1RB 1RH 1RC 1RA 1RD 0RB 1LE 0RC 0LF 0LD 0LB 1LA
Rule 1: 11 01^n D> 00 -> 01^n+2 D>
Rule 1x: 11^n D> 0^inf -> 01^2n D> 0^inf
Rule 2: 1010 01^m D> 0^inf -> 01^2m+8 D> 0^inf
Rule 2x: 1010^n 01^m D> 0^inf -> 01^((m+8) 2^n - 8) D> 0^inf
Rule 3: 000 01^n D> 000 -> 0100 10^n 11 D>
Rule 4: 100 01^n D> 0^inf -> 11 10^n+1 11^1 D> 0^inf
Rule 5: 000 01^2k+1 D> 0^inf -> 01^(20 2^k - 8) D> 0^inf
Rule 6: 000 01^2k D> 0^inf -> 011 Z> 10 10^(10 2^(5 2^k - 4) - 8) 1 0^inf (Halt(10 2^(5 2^k - 4) - 4))
Rule 7: 0^inf 01^2k+1 D> 0^inf -> Halt(10 2^(5 2^(10 2^k - 4) - 4) - 5)
At step 9, it’s in config 0^inf 01^3 D> 0^inf -> Halt(10 2^(5 2^16 - 4) - 4)
Machine Adjacent to Pavel-e197k
While analyzing 6x2 machines “adjacent” to Pavel-e197k, I found this machine which our filters do not appear to be able to categorize:
0LD 1RZ 1RC 1RA 1RD 0RB 1LE 0RC 0LF 0LD 0LB 1LA
Rule 1: 1010 01^m D> 00 -> 01^m+3 D>
Rule 1x: 1010^n 01^m D> 0^inf -> 01^m+3n D> 0^inf
Rule 2: 0^inf 100 01^m D> 0^inf -> 0^inf 10010 01^m+1 D> 0^inf
Rule 3: 0^inf 10010 01^m D> 0^inf -> 0^inf 100 10^m+3 01^2 D> 0^inf
Rule 4a: 100 01^2k D> -> 100 10^2k+4 01^2 D> -> 100 01^3k+8 D>
Rule 4b: 100 01^2k+1 D> -> 100 10^2k+5 01^2 D> -> 10010 01^3k+8 D> -> 100 10^3k+11 01^2 D>
Rule 5a: 100 10^2k 01^2 D> -> 100 01^3k+2 D>
Rule 5b: 100 10^2k+1 01^2 D> -> 10010 01^3k+2 D> -> 100 10^3k+5 01^2 D>
At step 20, it’s in config 100 01^2 D> at which point Rules 4/5 a/b will apply forever, so this is infinite (but our system is not smart enough to know that).
Machine Adjacent to e78k
While analyzing 6x2 machines “adjacent” to the short-lived 6x2 champion I announced on Friday (which runs for >10^78913 steps), I found exactly one machine (with 3 different permutations of start state) which our filters aren’t able to categorize. This is the same as my 6x2 former champion except with A1 -> 1RA.

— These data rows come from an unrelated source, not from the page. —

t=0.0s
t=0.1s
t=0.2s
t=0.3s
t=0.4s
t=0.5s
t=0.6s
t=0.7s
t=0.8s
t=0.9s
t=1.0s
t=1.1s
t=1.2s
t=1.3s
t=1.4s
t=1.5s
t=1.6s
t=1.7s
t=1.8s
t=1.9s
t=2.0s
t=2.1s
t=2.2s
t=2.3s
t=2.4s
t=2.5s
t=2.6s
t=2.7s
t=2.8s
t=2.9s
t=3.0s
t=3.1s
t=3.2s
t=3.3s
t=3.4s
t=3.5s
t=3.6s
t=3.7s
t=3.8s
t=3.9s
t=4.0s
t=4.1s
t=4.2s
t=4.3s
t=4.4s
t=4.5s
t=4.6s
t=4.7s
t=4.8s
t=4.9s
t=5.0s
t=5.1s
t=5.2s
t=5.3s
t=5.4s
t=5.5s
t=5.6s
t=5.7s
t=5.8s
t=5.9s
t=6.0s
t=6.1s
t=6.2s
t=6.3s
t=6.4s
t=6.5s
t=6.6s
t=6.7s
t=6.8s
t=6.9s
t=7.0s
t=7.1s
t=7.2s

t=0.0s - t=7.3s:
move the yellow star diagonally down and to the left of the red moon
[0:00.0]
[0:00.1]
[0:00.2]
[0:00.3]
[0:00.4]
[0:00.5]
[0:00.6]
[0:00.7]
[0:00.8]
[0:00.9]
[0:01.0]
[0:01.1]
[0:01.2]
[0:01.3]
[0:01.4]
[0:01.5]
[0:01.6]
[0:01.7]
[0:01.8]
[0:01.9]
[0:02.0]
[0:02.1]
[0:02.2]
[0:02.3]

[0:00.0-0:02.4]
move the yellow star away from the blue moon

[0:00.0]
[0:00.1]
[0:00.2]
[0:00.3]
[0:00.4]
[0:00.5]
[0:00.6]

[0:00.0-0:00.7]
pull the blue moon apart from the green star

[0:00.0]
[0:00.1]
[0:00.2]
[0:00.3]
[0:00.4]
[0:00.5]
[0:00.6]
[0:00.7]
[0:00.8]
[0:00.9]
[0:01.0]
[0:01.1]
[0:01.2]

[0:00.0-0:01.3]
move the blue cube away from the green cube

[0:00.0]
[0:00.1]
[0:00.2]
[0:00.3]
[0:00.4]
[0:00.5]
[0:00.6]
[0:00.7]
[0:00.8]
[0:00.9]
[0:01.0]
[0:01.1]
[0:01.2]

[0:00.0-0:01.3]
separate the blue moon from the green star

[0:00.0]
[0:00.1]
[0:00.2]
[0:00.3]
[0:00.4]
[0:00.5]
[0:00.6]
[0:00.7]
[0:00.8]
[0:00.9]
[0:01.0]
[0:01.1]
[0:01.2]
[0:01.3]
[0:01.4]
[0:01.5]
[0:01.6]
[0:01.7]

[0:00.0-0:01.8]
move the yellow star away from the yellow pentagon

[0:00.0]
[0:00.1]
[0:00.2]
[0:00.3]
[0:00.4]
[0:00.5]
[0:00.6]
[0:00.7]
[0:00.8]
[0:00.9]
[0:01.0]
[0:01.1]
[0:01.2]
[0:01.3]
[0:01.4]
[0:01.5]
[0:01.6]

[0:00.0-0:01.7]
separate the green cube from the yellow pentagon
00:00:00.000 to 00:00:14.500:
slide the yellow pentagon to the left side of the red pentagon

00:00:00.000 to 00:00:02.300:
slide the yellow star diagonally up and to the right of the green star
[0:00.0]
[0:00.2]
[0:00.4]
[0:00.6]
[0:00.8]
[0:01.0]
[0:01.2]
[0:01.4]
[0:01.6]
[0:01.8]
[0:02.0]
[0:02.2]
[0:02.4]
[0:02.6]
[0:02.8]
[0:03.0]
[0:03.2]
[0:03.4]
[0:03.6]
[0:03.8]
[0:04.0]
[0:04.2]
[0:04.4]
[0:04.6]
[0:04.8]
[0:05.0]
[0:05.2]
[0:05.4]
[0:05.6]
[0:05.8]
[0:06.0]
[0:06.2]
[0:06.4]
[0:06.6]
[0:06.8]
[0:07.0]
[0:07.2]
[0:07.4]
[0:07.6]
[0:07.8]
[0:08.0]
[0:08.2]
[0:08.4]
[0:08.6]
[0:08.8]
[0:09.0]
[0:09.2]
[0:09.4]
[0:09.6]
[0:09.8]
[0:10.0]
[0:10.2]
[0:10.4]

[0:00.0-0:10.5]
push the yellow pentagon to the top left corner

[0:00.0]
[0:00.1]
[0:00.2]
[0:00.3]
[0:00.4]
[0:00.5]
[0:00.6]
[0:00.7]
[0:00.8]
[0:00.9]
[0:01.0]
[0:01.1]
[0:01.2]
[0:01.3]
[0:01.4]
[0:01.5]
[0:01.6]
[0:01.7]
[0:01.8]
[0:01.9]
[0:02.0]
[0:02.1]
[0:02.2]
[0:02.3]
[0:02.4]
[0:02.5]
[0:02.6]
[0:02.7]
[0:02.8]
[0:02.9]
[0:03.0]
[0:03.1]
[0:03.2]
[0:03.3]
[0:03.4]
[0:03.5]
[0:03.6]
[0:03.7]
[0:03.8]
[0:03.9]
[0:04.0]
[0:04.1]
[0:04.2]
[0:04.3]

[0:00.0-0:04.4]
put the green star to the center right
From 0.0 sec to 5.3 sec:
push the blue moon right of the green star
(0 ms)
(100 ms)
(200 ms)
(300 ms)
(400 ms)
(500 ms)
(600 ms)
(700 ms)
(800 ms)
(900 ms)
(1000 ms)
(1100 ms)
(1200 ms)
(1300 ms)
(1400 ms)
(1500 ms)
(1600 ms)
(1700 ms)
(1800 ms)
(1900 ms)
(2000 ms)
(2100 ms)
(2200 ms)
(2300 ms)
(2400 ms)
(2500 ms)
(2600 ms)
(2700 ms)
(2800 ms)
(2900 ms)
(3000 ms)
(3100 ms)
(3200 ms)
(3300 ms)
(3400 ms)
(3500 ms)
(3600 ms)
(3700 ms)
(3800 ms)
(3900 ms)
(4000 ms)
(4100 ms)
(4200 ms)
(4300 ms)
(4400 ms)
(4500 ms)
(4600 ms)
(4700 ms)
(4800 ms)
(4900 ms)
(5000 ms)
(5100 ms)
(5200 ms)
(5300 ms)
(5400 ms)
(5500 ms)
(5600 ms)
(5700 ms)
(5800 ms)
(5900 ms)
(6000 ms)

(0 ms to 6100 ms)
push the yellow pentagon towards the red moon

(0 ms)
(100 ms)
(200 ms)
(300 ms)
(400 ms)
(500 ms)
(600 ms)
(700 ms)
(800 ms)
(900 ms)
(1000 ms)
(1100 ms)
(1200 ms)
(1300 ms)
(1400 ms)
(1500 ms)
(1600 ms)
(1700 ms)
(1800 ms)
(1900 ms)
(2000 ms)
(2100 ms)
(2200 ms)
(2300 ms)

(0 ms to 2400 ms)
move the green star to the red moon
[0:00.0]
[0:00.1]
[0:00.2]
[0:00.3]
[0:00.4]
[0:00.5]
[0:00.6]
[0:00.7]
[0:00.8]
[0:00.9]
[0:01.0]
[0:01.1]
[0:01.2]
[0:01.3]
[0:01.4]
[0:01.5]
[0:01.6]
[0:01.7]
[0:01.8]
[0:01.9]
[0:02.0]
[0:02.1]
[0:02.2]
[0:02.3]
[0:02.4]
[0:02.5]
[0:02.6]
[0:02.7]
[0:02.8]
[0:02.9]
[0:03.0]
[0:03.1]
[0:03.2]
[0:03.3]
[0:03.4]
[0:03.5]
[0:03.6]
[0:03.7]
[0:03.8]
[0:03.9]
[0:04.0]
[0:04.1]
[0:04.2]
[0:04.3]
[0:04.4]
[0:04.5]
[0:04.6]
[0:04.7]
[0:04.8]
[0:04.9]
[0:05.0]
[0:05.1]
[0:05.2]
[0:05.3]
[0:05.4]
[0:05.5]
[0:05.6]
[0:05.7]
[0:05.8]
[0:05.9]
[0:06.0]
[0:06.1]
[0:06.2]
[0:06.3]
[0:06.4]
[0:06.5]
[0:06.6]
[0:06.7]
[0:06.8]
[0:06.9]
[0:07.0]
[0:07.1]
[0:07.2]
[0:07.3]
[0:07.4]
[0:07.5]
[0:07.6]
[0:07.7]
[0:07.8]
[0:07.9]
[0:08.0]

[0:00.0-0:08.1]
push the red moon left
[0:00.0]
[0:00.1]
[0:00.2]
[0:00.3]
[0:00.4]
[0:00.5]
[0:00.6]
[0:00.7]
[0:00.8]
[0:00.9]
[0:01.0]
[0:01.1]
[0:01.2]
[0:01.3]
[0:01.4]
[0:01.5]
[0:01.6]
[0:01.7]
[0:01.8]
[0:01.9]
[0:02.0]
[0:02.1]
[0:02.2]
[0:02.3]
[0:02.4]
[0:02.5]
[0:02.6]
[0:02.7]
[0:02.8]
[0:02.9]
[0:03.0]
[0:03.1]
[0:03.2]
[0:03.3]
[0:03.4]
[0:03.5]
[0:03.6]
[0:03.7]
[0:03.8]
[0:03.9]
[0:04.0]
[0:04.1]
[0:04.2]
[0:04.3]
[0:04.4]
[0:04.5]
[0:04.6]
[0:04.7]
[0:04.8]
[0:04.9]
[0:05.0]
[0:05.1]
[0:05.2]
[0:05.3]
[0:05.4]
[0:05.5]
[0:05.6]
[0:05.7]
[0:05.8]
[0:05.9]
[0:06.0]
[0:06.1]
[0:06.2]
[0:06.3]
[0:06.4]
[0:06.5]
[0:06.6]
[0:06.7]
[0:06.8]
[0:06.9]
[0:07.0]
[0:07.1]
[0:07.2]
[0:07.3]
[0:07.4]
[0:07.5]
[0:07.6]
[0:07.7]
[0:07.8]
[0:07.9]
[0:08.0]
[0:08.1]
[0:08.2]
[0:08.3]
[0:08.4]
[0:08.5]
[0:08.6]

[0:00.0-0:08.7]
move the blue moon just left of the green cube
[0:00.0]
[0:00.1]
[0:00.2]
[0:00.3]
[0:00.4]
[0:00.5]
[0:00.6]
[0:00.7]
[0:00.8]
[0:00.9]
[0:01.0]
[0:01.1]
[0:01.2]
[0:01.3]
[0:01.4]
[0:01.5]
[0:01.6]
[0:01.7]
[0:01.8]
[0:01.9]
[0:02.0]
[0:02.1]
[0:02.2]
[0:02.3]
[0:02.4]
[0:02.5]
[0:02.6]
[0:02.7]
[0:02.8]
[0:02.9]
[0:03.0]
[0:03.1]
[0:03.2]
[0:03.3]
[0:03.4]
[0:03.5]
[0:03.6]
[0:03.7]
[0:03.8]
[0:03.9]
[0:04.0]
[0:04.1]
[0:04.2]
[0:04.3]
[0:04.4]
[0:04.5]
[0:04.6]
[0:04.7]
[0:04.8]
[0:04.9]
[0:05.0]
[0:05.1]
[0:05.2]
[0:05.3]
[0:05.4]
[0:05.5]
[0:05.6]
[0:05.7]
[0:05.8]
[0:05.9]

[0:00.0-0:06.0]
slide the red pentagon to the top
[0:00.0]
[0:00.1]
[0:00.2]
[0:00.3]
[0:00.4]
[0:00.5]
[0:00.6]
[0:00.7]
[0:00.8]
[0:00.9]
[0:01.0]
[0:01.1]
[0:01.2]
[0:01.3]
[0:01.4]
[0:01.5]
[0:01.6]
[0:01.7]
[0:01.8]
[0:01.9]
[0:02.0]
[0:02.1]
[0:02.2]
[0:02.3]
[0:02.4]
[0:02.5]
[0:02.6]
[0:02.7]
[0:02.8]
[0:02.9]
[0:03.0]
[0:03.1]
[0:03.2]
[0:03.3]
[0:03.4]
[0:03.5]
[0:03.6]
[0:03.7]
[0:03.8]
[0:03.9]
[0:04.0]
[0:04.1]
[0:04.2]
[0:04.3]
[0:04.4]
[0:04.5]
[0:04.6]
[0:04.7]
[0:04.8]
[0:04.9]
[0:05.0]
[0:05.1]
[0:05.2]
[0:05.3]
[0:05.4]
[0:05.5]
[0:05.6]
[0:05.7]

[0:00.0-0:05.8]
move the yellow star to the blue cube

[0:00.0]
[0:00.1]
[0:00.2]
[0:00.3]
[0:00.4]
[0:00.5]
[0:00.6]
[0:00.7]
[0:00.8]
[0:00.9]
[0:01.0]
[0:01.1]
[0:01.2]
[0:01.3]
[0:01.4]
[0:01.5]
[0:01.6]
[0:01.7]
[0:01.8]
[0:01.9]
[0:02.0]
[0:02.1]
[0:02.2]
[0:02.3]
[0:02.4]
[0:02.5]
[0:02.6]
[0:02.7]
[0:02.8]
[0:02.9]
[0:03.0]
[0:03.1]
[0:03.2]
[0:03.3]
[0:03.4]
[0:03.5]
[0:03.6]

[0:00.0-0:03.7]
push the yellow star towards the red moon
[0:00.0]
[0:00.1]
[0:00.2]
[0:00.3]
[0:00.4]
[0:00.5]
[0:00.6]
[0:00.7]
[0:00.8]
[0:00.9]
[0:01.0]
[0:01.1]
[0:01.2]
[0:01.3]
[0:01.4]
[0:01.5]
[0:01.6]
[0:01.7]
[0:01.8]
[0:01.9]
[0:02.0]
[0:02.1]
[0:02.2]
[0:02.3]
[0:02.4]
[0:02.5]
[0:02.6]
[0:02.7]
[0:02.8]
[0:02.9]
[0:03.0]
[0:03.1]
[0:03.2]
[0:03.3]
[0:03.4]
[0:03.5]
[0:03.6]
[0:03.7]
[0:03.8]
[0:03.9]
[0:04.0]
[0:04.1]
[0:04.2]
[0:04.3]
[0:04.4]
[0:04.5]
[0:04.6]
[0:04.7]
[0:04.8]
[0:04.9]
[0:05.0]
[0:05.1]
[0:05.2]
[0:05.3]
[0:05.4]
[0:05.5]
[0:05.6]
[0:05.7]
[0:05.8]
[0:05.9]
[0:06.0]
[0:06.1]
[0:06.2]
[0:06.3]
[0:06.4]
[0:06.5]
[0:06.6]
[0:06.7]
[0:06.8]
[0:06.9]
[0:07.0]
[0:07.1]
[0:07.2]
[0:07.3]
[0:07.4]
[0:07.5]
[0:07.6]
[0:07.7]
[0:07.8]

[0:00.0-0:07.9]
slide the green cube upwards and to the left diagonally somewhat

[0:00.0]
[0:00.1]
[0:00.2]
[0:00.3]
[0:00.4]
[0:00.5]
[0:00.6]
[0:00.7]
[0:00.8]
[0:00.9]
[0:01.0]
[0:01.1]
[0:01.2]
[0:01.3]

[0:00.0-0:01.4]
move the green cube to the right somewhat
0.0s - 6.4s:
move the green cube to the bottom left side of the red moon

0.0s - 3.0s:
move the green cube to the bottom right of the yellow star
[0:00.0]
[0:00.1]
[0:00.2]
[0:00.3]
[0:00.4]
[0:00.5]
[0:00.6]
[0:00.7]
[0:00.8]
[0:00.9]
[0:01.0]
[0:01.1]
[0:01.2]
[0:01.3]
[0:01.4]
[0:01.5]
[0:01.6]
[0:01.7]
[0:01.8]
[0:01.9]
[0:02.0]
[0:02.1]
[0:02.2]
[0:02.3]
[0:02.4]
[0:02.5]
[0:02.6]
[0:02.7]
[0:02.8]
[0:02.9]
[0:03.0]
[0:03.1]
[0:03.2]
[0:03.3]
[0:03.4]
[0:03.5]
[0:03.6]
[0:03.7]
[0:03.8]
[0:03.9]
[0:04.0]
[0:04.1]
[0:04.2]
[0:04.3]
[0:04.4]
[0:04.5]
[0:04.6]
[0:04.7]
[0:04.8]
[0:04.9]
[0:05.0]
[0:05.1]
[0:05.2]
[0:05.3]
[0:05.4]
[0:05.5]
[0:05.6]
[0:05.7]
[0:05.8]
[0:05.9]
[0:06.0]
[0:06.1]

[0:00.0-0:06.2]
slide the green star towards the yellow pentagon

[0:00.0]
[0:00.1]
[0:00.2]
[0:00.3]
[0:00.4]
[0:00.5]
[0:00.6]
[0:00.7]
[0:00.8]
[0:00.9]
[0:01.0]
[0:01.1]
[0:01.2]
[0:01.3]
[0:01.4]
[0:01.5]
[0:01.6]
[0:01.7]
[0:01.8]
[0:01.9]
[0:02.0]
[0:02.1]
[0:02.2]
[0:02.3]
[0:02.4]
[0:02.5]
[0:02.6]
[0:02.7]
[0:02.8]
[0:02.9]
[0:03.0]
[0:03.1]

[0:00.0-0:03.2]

1RB 1RA 1LC 0RF 1RA 0LD 0LC 0LE 1LD 0RA 1RE 1RZ
a0: 00001 <E 0101^a 1^3k 00 -> 1 <E 0101 1 0^4a 001^k 1
a1: ` 001 <E 0101^a 1^3k+1 00 -> 1 <E 0101^a+1 001^k 1
a2: 0001 <E 0101^a 1^3k+2 00 -> 1 <E 0101 1^4a+2 001^k 1`
Once this machine gets into a tape matching regular expression 0^inf 1 <E (0101)+ (00|1)* 0^inf it will never leave. Thus these machines are infinite.
Swapping Rules
1RB 1RF 1LC 1LB --- 0LD 1LE 1LF 1RE 1LD 0RF 0RA
Rule 1: 0100 01^a <D 01 11^b -> 0100 01^b+1 <D 01 11^a
Rule 1x: 0100 01^a <D 01 11^b -> 0100 01^a+1 <D 01 11^b -> Infinite
1RB 1LC 0RC 1LE 1RD 0LA 1LB 1RC 1RC 1LF --- 1LE
Rule 1: 01 11^a 10 C> 01^b 11 -> 01 11^b-2 10 C> 01^a+4 11
Rule 1x: 01 11^a 10 C> 01^b 11 -> 01 11^a+2 10 C> 01^b+2 11 -> Infinite
Three Stage Rules
1RB 1LE 1LC --- 1RD 1LB 1LF 0LE 0LD 1RF 0RE 0RA
C(a, b, c) = <F 10^a 0^b 11^c
Rule 1: C(a, b + 1, c) -> C(a + 1, b, c)
Rule 1x: C(a, b, c) -> C(a + b, 0, c)
Rule 2: C(a, 0, c+2) -> C(1, 2a+2, c+1) -> C(2a+3, 0, c+1)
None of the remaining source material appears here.